(Collection entries)

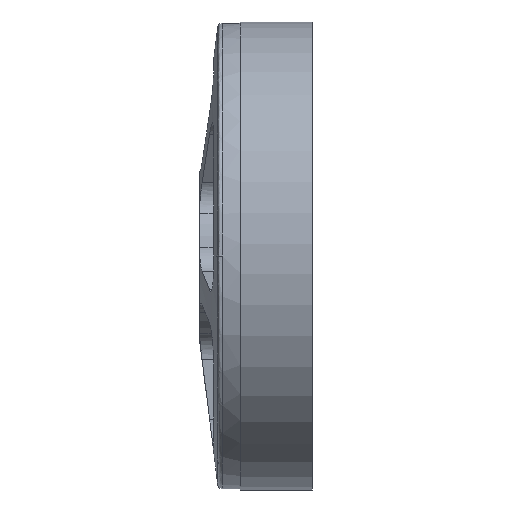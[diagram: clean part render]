
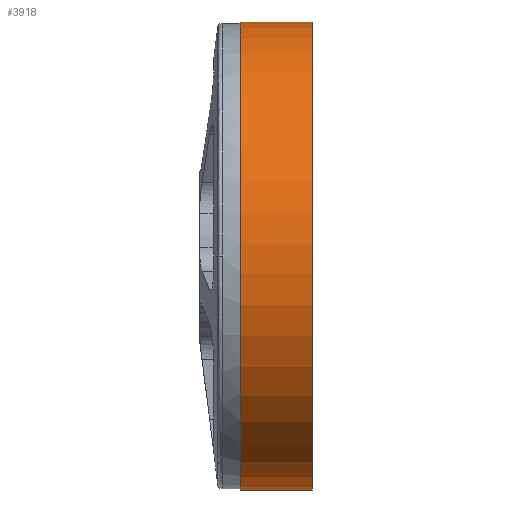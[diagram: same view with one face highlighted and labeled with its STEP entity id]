
A CAD part, left-side view. The second image highlights one B-rep face of the part: STEP entity #3918.
In plain terms, the highlighted free-form (B-spline) face has degree [2, 1] with [5, 2] control points.
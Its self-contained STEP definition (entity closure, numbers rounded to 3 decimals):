
#1991 = VERTEX_POINT('',#1992);
#1992 = CARTESIAN_POINT('',(0.,10.577,
    34.17));
#1993 = VERTEX_POINT('',#1994);
#1994 = CARTESIAN_POINT('',(0.,10.577,-34.17));
#2002 = EDGE_CURVE('',#1991,#2003,#2005,.T.);
#2003 = VERTEX_POINT('',#2004);
#2004 = CARTESIAN_POINT('',(0.,0.,34.17));
#2005 = B_SPLINE_CURVE_WITH_KNOTS('',1,(#2006,#2007),.UNSPECIFIED.,.F.,
  .F.,(2,2),(4.3,12.),.PIECEWISE_BEZIER_KNOTS.);
#2006 = CARTESIAN_POINT('',(0.,10.577,
    34.17));
#2007 = CARTESIAN_POINT('',(0.,0.,34.17));
#2010 = VERTEX_POINT('',#2011);
#2011 = CARTESIAN_POINT('',(0.,0.,-34.17));
#2019 = EDGE_CURVE('',#1993,#2010,#2020,.T.);
#2020 = B_SPLINE_CURVE_WITH_KNOTS('',1,(#2021,#2022),.UNSPECIFIED.,.F.,
  .F.,(2,2),(4.3,12.),.PIECEWISE_BEZIER_KNOTS.);
#2021 = CARTESIAN_POINT('',(0.,10.577,-34.17));
#2022 = CARTESIAN_POINT('',(0.,0.,-34.17));
#3918 = ADVANCED_FACE('',(#3919),#3939,.T.);
#3919 = FACE_BOUND('',#3920,.T.);
#3920 = EDGE_LOOP('',(#3921,#3922,#3930,#3931));
#3921 = ORIENTED_EDGE('',*,*,#2002,.F.);
#3922 = ORIENTED_EDGE('',*,*,#3923,.F.);
#3923 = EDGE_CURVE('',#1993,#1991,#3924,.T.);
#3924 = ( BOUNDED_CURVE() B_SPLINE_CURVE(2,(#3925,#3926,#3927,#3928,
#3929),.UNSPECIFIED.,.F.,.F.) B_SPLINE_CURVE_WITH_KNOTS((3,2,3),(
    3.142,4.712,6.283),
.PIECEWISE_BEZIER_KNOTS.) CURVE() GEOMETRIC_REPRESENTATION_ITEM() 
RATIONAL_B_SPLINE_CURVE((1.,0.707,1.,0.707,1.)) 
REPRESENTATION_ITEM('') );
#3925 = CARTESIAN_POINT('',(0.,10.577,
    -34.17));
#3926 = CARTESIAN_POINT('',(-34.17,10.577,
    -34.17));
#3927 = CARTESIAN_POINT('',(-34.17,10.577,
    0.));
#3928 = CARTESIAN_POINT('',(-34.17,10.577,
    34.17));
#3929 = CARTESIAN_POINT('',(0.,10.577,
    34.17));
#3930 = ORIENTED_EDGE('',*,*,#2019,.T.);
#3931 = ORIENTED_EDGE('',*,*,#3932,.T.);
#3932 = EDGE_CURVE('',#2010,#2003,#3933,.T.);
#3933 = ( BOUNDED_CURVE() B_SPLINE_CURVE(2,(#3934,#3935,#3936,#3937,
#3938),.UNSPECIFIED.,.F.,.F.) B_SPLINE_CURVE_WITH_KNOTS((3,2,3),(
    3.142,4.712,6.283),
.PIECEWISE_BEZIER_KNOTS.) CURVE() GEOMETRIC_REPRESENTATION_ITEM() 
RATIONAL_B_SPLINE_CURVE((1.,0.707,1.,0.707,1.)) 
REPRESENTATION_ITEM('') );
#3934 = CARTESIAN_POINT('',(0.,0.,-34.17));
#3935 = CARTESIAN_POINT('',(-34.17,0.,-34.17));
#3936 = CARTESIAN_POINT('',(-34.17,0.,0.));
#3937 = CARTESIAN_POINT('',(-34.17,0.,34.17));
#3938 = CARTESIAN_POINT('',(0.,0.,34.17));
#3939 = ( BOUNDED_SURFACE() B_SPLINE_SURFACE(2,1,(
    (#3940,#3941)
    ,(#3942,#3943)
    ,(#3944,#3945)
    ,(#3946,#3947)
    ,(#3948,#3949
)),.UNSPECIFIED.,.F.,.F.,.F.) B_SPLINE_SURFACE_WITH_KNOTS((3,2,3),(2,2),
  (3.142,4.712,6.283),(4.3,12.),
.PIECEWISE_BEZIER_KNOTS.) GEOMETRIC_REPRESENTATION_ITEM() 
RATIONAL_B_SPLINE_SURFACE((
    (1.,1.)
    ,(0.707,0.707)
    ,(1.,1.)
    ,(0.707,0.707)
,(1.,1.))) REPRESENTATION_ITEM('') SURFACE() );
#3940 = CARTESIAN_POINT('',(0.,10.577,
    34.17));
#3941 = CARTESIAN_POINT('',(0.,0.,34.17));
#3942 = CARTESIAN_POINT('',(-34.17,10.577,
    34.17));
#3943 = CARTESIAN_POINT('',(-34.17,0.,34.17));
#3944 = CARTESIAN_POINT('',(-34.17,10.577,
    0.));
#3945 = CARTESIAN_POINT('',(-34.17,0.,0.));
#3946 = CARTESIAN_POINT('',(-34.17,10.577,
    -34.17));
#3947 = CARTESIAN_POINT('',(-34.17,0.,-34.17));
#3948 = CARTESIAN_POINT('',(0.,10.577,
    -34.17));
#3949 = CARTESIAN_POINT('',(0.,0.,-34.17));

ACTIVITY. An exact copy of the entries above is required, with the pictures left out.

COMPLETED TASK.
[diagram: clean part render]
[diagram: same view with one face highlighted and labeled with its STEP entity id]
A CAD part, left-side view. The second image highlights one B-rep face of the part: STEP entity #3918.
In plain terms, the highlighted free-form (B-spline) face has degree [2, 1] with [5, 2] control points.
Its self-contained STEP definition (entity closure, numbers rounded to 3 decimals):
#1991 = VERTEX_POINT('',#1992);
#1992 = CARTESIAN_POINT('',(0.,10.577,
    34.17));
#1993 = VERTEX_POINT('',#1994);
#1994 = CARTESIAN_POINT('',(0.,10.577,-34.17));
#2002 = EDGE_CURVE('',#1991,#2003,#2005,.T.);
#2003 = VERTEX_POINT('',#2004);
#2004 = CARTESIAN_POINT('',(0.,0.,34.17));
#2005 = B_SPLINE_CURVE_WITH_KNOTS('',1,(#2006,#2007),.UNSPECIFIED.,.F.,
  .F.,(2,2),(4.3,12.),.PIECEWISE_BEZIER_KNOTS.);
#2006 = CARTESIAN_POINT('',(0.,10.577,
    34.17));
#2007 = CARTESIAN_POINT('',(0.,0.,34.17));
#2010 = VERTEX_POINT('',#2011);
#2011 = CARTESIAN_POINT('',(0.,0.,-34.17));
#2019 = EDGE_CURVE('',#1993,#2010,#2020,.T.);
#2020 = B_SPLINE_CURVE_WITH_KNOTS('',1,(#2021,#2022),.UNSPECIFIED.,.F.,
  .F.,(2,2),(4.3,12.),.PIECEWISE_BEZIER_KNOTS.);
#2021 = CARTESIAN_POINT('',(0.,10.577,-34.17));
#2022 = CARTESIAN_POINT('',(0.,0.,-34.17));
#3918 = ADVANCED_FACE('',(#3919),#3939,.T.);
#3919 = FACE_BOUND('',#3920,.T.);
#3920 = EDGE_LOOP('',(#3921,#3922,#3930,#3931));
#3921 = ORIENTED_EDGE('',*,*,#2002,.F.);
#3922 = ORIENTED_EDGE('',*,*,#3923,.F.);
#3923 = EDGE_CURVE('',#1993,#1991,#3924,.T.);
#3924 = ( BOUNDED_CURVE() B_SPLINE_CURVE(2,(#3925,#3926,#3927,#3928,
#3929),.UNSPECIFIED.,.F.,.F.) B_SPLINE_CURVE_WITH_KNOTS((3,2,3),(
    3.142,4.712,6.283),
.PIECEWISE_BEZIER_KNOTS.) CURVE() GEOMETRIC_REPRESENTATION_ITEM() 
RATIONAL_B_SPLINE_CURVE((1.,0.707,1.,0.707,1.)) 
REPRESENTATION_ITEM('') );
#3925 = CARTESIAN_POINT('',(0.,10.577,
    -34.17));
#3926 = CARTESIAN_POINT('',(-34.17,10.577,
    -34.17));
#3927 = CARTESIAN_POINT('',(-34.17,10.577,
    0.));
#3928 = CARTESIAN_POINT('',(-34.17,10.577,
    34.17));
#3929 = CARTESIAN_POINT('',(0.,10.577,
    34.17));
#3930 = ORIENTED_EDGE('',*,*,#2019,.T.);
#3931 = ORIENTED_EDGE('',*,*,#3932,.T.);
#3932 = EDGE_CURVE('',#2010,#2003,#3933,.T.);
#3933 = ( BOUNDED_CURVE() B_SPLINE_CURVE(2,(#3934,#3935,#3936,#3937,
#3938),.UNSPECIFIED.,.F.,.F.) B_SPLINE_CURVE_WITH_KNOTS((3,2,3),(
    3.142,4.712,6.283),
.PIECEWISE_BEZIER_KNOTS.) CURVE() GEOMETRIC_REPRESENTATION_ITEM() 
RATIONAL_B_SPLINE_CURVE((1.,0.707,1.,0.707,1.)) 
REPRESENTATION_ITEM('') );
#3934 = CARTESIAN_POINT('',(0.,0.,-34.17));
#3935 = CARTESIAN_POINT('',(-34.17,0.,-34.17));
#3936 = CARTESIAN_POINT('',(-34.17,0.,0.));
#3937 = CARTESIAN_POINT('',(-34.17,0.,34.17));
#3938 = CARTESIAN_POINT('',(0.,0.,34.17));
#3939 = ( BOUNDED_SURFACE() B_SPLINE_SURFACE(2,1,(
    (#3940,#3941)
    ,(#3942,#3943)
    ,(#3944,#3945)
    ,(#3946,#3947)
    ,(#3948,#3949
)),.UNSPECIFIED.,.F.,.F.,.F.) B_SPLINE_SURFACE_WITH_KNOTS((3,2,3),(2,2),
  (3.142,4.712,6.283),(4.3,12.),
.PIECEWISE_BEZIER_KNOTS.) GEOMETRIC_REPRESENTATION_ITEM() 
RATIONAL_B_SPLINE_SURFACE((
    (1.,1.)
    ,(0.707,0.707)
    ,(1.,1.)
    ,(0.707,0.707)
,(1.,1.))) REPRESENTATION_ITEM('') SURFACE() );
#3940 = CARTESIAN_POINT('',(0.,10.577,
    34.17));
#3941 = CARTESIAN_POINT('',(0.,0.,34.17));
#3942 = CARTESIAN_POINT('',(-34.17,10.577,
    34.17));
#3943 = CARTESIAN_POINT('',(-34.17,0.,34.17));
#3944 = CARTESIAN_POINT('',(-34.17,10.577,
    0.));
#3945 = CARTESIAN_POINT('',(-34.17,0.,0.));
#3946 = CARTESIAN_POINT('',(-34.17,10.577,
    -34.17));
#3947 = CARTESIAN_POINT('',(-34.17,0.,-34.17));
#3948 = CARTESIAN_POINT('',(0.,10.577,
    -34.17));
#3949 = CARTESIAN_POINT('',(0.,0.,-34.17));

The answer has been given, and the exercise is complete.